Release DetailsLABEL Regain
RELEASED ON 10/20/2003
Embrace The Galaxy
posted on 2/2004 By:
I am a space dork. It’s the field I’ve chosen to work in, forsaking the big payouts of other industries, in the desire to advance the bounds of technology. That being said, a band with a name like Space Odyssey naturally intrigues me. As it turns out, this is a new project of Swedish keyboard virtuoso Richard Andersson. I rather enjoyed his last project, the self-titled Time Requiem album, and since he did not stray too far from a winning formula, I like this too. There are some noticeable differences between the two projects, beyond the all-new supporting cast. Let’s compare and contrast: TR is built on a neo-classical foundation, as is SO. TR is prone to bouts of overbearing keyboard wankery that overshadowed the rest of the band, whereas SO sees Andersson taking a small step back, letting the song play itself. TR had a more progressive feel, including the vocals, but SO leans more towards a power metal focus, with more rocking guitarwork, rhythms, and vocals.

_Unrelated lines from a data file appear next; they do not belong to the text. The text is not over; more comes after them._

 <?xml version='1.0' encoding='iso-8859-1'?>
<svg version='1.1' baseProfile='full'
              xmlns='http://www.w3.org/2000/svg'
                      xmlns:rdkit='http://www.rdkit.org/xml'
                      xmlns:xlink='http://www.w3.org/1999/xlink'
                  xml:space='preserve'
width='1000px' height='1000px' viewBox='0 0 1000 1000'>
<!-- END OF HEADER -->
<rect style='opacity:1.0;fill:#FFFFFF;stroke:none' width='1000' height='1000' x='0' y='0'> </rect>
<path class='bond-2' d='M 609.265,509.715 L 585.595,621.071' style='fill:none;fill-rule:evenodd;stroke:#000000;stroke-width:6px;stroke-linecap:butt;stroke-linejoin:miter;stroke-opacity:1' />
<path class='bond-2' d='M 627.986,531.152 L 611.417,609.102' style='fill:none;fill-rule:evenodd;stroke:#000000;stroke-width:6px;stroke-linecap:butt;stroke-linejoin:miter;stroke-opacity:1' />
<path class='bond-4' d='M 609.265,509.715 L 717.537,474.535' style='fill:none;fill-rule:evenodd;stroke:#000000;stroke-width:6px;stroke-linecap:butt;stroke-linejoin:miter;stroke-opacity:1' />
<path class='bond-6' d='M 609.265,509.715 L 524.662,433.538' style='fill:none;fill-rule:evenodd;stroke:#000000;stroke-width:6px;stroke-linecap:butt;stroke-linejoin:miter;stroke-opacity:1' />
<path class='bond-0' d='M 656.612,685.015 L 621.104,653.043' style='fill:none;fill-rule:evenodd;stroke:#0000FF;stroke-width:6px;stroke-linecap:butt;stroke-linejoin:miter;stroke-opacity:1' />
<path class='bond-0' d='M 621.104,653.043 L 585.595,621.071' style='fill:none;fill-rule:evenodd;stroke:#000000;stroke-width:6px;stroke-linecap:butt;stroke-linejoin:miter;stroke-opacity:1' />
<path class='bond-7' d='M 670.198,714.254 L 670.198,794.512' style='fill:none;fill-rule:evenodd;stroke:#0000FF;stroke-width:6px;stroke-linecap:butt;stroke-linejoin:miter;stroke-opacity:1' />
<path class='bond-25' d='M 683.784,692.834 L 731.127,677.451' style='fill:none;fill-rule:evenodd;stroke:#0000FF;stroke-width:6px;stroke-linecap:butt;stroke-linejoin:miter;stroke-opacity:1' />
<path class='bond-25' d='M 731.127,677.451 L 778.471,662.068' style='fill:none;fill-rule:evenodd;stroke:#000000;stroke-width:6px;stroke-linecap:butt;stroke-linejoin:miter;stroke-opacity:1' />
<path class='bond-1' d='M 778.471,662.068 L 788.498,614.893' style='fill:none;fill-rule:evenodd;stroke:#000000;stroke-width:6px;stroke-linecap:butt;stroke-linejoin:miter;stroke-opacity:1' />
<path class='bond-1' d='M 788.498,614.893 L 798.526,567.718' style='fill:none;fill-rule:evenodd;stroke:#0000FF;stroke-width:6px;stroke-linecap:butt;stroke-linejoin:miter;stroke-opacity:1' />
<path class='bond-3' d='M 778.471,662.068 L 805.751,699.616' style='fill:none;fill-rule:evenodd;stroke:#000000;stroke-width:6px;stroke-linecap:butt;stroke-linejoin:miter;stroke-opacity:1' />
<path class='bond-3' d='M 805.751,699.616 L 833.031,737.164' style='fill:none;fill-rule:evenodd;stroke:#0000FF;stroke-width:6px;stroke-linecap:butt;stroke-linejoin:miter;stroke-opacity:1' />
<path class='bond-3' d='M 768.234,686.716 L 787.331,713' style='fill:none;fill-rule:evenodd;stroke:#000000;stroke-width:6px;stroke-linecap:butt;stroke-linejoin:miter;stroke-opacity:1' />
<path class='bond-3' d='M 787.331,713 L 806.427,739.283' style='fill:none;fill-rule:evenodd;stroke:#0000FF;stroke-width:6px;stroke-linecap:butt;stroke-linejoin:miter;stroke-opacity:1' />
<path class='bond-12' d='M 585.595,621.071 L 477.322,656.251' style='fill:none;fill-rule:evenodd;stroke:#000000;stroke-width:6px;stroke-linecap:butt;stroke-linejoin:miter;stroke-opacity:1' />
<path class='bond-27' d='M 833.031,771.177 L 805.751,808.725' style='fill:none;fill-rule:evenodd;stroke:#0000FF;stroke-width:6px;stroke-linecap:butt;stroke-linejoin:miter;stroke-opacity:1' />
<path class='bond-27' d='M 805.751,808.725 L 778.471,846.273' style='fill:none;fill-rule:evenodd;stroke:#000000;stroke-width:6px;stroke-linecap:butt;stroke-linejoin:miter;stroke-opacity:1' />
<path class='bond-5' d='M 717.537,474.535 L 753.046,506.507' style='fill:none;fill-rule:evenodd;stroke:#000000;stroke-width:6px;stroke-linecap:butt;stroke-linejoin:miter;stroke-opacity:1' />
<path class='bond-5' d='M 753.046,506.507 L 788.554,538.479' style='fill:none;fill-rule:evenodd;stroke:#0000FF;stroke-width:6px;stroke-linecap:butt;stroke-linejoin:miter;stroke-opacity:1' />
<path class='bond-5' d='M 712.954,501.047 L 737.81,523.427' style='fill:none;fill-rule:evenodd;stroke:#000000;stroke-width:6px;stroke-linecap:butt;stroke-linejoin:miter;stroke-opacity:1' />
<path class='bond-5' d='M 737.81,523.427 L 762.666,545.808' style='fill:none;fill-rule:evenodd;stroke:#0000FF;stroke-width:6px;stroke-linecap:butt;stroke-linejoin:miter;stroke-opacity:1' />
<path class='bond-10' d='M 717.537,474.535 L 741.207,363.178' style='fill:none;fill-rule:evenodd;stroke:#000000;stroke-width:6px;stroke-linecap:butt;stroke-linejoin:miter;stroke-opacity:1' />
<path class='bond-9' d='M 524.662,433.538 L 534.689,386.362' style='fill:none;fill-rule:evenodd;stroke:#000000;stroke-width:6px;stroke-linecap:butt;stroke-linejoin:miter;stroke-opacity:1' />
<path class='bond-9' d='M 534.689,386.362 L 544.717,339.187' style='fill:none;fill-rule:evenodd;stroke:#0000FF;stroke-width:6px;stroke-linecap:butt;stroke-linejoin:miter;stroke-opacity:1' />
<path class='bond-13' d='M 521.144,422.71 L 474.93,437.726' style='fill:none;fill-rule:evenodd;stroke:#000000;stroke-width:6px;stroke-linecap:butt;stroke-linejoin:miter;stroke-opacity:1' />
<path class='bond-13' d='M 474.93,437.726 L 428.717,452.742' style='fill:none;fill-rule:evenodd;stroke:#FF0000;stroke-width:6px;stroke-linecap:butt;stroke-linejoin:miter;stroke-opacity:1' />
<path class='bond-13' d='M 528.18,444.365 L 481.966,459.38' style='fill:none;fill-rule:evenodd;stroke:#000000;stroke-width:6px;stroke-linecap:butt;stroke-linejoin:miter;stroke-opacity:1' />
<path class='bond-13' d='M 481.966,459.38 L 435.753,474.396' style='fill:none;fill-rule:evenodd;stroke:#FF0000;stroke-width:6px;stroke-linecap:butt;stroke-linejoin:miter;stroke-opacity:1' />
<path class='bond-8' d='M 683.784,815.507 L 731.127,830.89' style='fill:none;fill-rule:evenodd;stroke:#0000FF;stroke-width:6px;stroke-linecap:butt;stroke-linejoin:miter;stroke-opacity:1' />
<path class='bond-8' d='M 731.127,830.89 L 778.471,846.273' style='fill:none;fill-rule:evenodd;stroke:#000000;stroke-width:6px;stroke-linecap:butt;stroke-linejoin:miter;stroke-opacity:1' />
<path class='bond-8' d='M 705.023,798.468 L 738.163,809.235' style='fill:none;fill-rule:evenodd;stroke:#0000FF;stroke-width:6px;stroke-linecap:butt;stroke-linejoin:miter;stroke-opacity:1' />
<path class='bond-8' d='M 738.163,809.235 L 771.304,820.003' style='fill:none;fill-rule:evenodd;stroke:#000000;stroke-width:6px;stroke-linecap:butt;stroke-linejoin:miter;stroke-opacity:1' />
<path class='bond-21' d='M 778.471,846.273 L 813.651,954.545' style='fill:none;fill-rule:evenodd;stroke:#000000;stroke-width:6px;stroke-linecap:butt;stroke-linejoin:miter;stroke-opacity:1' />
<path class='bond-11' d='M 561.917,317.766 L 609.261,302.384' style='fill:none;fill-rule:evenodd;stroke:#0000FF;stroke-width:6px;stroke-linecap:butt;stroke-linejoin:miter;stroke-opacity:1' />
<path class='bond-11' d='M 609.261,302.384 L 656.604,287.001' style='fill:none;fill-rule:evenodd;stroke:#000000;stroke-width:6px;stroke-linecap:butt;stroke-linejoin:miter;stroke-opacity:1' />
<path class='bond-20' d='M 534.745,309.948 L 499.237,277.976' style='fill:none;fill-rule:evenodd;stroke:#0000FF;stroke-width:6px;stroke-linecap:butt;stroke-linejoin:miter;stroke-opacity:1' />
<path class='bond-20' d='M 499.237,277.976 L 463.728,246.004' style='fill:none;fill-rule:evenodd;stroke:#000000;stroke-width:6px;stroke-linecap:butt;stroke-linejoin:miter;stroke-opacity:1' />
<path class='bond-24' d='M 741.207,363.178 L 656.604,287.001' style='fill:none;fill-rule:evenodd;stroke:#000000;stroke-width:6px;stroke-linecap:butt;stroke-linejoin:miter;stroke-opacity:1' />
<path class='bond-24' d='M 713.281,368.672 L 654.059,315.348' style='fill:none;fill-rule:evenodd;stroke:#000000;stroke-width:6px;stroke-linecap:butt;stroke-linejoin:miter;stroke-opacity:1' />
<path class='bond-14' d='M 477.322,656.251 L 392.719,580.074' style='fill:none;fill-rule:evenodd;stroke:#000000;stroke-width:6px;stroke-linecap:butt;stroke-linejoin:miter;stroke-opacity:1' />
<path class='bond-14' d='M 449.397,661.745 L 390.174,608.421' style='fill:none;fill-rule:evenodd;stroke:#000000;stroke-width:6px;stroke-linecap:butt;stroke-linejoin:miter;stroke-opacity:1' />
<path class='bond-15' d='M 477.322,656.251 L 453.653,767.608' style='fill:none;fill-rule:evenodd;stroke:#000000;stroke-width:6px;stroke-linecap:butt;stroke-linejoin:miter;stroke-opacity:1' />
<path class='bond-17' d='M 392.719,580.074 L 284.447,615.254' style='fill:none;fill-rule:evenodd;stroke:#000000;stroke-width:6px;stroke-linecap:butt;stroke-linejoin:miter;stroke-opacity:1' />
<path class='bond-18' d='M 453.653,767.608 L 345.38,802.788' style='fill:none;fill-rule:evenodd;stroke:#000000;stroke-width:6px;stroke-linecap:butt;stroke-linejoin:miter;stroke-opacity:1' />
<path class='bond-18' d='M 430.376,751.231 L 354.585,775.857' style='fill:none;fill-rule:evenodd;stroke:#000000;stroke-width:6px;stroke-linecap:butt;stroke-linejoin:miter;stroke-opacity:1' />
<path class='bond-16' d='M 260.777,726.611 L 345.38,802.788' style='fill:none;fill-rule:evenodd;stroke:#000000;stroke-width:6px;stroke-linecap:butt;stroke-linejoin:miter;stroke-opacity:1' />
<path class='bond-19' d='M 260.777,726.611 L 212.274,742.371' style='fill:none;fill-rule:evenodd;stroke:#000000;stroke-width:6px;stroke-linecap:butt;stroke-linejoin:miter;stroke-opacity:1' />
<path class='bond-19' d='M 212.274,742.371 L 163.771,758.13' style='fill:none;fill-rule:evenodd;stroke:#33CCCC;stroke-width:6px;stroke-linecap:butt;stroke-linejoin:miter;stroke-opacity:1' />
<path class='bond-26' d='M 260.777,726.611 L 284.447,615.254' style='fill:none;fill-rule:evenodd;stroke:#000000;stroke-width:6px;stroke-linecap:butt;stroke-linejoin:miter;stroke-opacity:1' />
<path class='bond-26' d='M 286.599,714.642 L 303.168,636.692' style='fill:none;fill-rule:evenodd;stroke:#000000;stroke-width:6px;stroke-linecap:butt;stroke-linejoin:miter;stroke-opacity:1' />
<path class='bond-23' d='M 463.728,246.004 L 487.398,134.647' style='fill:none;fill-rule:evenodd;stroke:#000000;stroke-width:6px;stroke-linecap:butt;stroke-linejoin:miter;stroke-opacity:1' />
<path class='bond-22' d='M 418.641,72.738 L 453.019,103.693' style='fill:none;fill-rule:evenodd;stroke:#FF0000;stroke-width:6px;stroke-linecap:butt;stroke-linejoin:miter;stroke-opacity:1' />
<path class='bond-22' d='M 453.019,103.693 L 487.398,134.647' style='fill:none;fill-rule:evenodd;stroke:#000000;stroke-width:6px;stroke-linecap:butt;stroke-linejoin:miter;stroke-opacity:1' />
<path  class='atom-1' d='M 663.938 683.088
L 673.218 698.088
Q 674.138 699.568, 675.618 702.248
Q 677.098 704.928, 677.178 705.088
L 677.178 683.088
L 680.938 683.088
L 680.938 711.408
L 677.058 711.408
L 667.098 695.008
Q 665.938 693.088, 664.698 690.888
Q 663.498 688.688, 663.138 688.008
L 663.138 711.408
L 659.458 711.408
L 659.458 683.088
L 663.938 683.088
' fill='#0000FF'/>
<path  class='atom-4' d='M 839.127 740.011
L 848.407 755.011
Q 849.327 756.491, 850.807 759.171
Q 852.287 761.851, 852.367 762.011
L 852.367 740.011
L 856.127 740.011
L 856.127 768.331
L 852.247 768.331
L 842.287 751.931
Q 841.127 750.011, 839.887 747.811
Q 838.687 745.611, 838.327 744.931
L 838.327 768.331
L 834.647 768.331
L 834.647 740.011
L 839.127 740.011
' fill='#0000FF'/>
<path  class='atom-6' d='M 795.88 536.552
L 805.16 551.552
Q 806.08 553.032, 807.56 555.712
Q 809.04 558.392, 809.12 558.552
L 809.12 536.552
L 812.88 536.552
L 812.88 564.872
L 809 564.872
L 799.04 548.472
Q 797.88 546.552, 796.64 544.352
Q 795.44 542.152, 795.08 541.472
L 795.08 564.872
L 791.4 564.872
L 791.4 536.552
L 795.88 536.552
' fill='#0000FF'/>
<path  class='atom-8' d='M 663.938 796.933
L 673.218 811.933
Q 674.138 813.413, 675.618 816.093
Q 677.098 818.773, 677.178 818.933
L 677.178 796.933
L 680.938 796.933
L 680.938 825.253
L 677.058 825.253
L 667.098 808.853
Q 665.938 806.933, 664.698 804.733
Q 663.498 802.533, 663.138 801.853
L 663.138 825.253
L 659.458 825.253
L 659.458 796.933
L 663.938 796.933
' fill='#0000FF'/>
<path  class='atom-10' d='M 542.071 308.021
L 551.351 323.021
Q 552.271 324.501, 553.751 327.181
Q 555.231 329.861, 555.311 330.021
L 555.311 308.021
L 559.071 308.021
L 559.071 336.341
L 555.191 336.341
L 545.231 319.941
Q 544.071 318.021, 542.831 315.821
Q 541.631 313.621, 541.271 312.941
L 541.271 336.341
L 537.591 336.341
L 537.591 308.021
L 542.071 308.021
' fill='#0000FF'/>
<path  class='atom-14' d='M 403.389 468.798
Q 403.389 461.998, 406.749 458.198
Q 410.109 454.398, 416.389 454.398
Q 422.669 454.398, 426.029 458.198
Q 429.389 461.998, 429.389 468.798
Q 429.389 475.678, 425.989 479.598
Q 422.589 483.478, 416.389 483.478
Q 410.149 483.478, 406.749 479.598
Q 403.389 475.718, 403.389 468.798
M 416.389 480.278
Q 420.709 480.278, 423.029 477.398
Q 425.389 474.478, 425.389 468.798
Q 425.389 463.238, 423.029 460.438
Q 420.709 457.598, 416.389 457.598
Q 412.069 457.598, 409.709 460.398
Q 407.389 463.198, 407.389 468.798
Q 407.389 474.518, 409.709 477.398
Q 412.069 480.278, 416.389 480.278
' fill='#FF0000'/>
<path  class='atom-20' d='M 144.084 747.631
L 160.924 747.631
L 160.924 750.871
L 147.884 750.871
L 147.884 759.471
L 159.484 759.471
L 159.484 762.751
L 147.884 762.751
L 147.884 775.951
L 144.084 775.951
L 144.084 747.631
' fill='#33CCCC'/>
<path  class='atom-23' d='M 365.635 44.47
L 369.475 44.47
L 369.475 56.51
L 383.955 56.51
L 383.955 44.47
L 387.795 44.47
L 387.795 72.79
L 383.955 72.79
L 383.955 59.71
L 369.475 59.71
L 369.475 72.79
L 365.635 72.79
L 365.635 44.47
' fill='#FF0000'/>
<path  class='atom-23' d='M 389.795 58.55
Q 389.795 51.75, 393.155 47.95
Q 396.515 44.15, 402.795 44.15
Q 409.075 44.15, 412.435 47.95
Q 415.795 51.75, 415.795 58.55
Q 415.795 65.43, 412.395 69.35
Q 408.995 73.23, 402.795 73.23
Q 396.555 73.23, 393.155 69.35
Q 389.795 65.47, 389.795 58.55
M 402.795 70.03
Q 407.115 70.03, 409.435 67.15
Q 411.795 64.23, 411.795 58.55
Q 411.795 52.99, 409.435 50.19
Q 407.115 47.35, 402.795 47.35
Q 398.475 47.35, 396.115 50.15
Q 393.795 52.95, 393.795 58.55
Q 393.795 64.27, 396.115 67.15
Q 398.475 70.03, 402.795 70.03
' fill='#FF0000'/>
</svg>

As you might expect, the production is excellent. There are five instruments playing (counting vox), and I can hear them all nicely. The rhythm guitar is a bit muted, but it works in this context. On the other hand, the lead guitar lines are front and center, wailing away. The distortion produces an appropriately metal sound. It’s not surprising that the musicianship is masterful. Andersson envelops the music in lush keyboard atmospheres, and when the time is right, takes command with a flashy solo. Guitarist Magnus Nilsson is pretty new to the metal scene, but he can certainly play and must’ve picked up a thing or two from his European power metal comrades. My sole musical complaint is that the drummer tends to get stuck playing very simple beats, especially under fast verses, when he’s probably capable of much more.
The title track is one of the top songs onboard here, galloping along at a brisk pace from beginning to end. The next song, “Emposium” sets the way-back machine to 1985, utilizing triumphant synths, strong vocals, and a blazing solo to close. A few other songs (“Entering the Dome”, “Seduction of Life”) really channel the neo-classical, Symphony X-type vibe. “The House with a Hundred Windows” is a fast-paced instrumental, while “Grand Opening” is pure power/speed metal.
Richard Andersson definitely does not shortchange the listener when he creates albums, nor does he take the easy way out. If you really love technical speed and wizardry, all wrapped up in a power/prog metal package, then Space Odyssey is your band. If you are turned off by overwhelming noodling and having too many notes crammed into a song, then Embrace the Galaxy might still be to your liking, rather than some of his prior works. Recommended.